** Required work **
Leave every picture out and return the rest of the listing verbatim.

** Supplied entries **
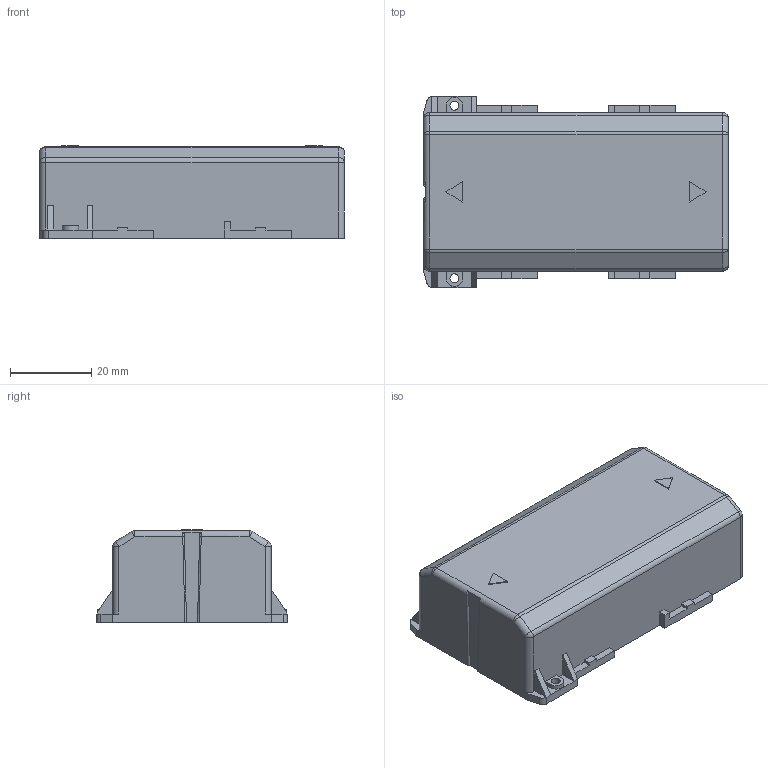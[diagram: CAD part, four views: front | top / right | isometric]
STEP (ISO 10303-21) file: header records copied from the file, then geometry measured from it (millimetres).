
FILE_DESCRIPTION (( 'STEP AP214' ), '1' );
FILE_NAME ('BATTERY.STEP', '2012-11-07T11:20:13', ( 'D.M.S.' ), ( '' ), 'SwSTEP 2.0', 'SolidWorks 2009', '' );
FILE_SCHEMA (( 'AUTOMOTIVE_DESIGN' ));
Length unit declared in the file: millimetre
Products named in the file (1): BATTERY
Bounding box: 75 x 47 x 22.7 mm (x, y, z)
Volume: 12351.5 mm3; surface area: 16189.5 mm2
Topology: 1 solids, 1 shells, 178 faces, 486 edges, 308 vertices
Faces by surface type: plane 138, cylinder 30, sphere 8, bspline 2
Entity records: 5541 total; most frequent: CARTESIAN_POINT 1039, ORIENTED_EDGE 964, DIRECTION 880, EDGE_CURVE 482, LINE 414, VECTOR 414, VERTEX_POINT 308, AXIS2_PLACEMENT_3D 233

** Task result **
[diagram: CAD part, four views: front | top / right | isometric]
STEP (ISO 10303-21) file: header records copied from the file, then geometry measured from it (millimetres).
FILE_DESCRIPTION (( 'STEP AP214' ), '1' );
FILE_NAME ('BATTERY.STEP', '2012-11-07T11:20:13', ( 'D.M.S.' ), ( '' ), 'SwSTEP 2.0', 'SolidWorks 2009', '' );
FILE_SCHEMA (( 'AUTOMOTIVE_DESIGN' ));
Length unit declared in the file: millimetre
Products named in the file (1): BATTERY
Bounding box: 75 x 47 x 22.7 mm (x, y, z)
Volume: 12351.5 mm3; surface area: 16189.5 mm2
Topology: 1 solids, 1 shells, 178 faces, 486 edges, 308 vertices
Faces by surface type: plane 138, cylinder 30, sphere 8, bspline 2
Entity records: 5541 total; most frequent: CARTESIAN_POINT 1039, ORIENTED_EDGE 964, DIRECTION 880, EDGE_CURVE 482, LINE 414, VECTOR 414, VERTEX_POINT 308, AXIS2_PLACEMENT_3D 233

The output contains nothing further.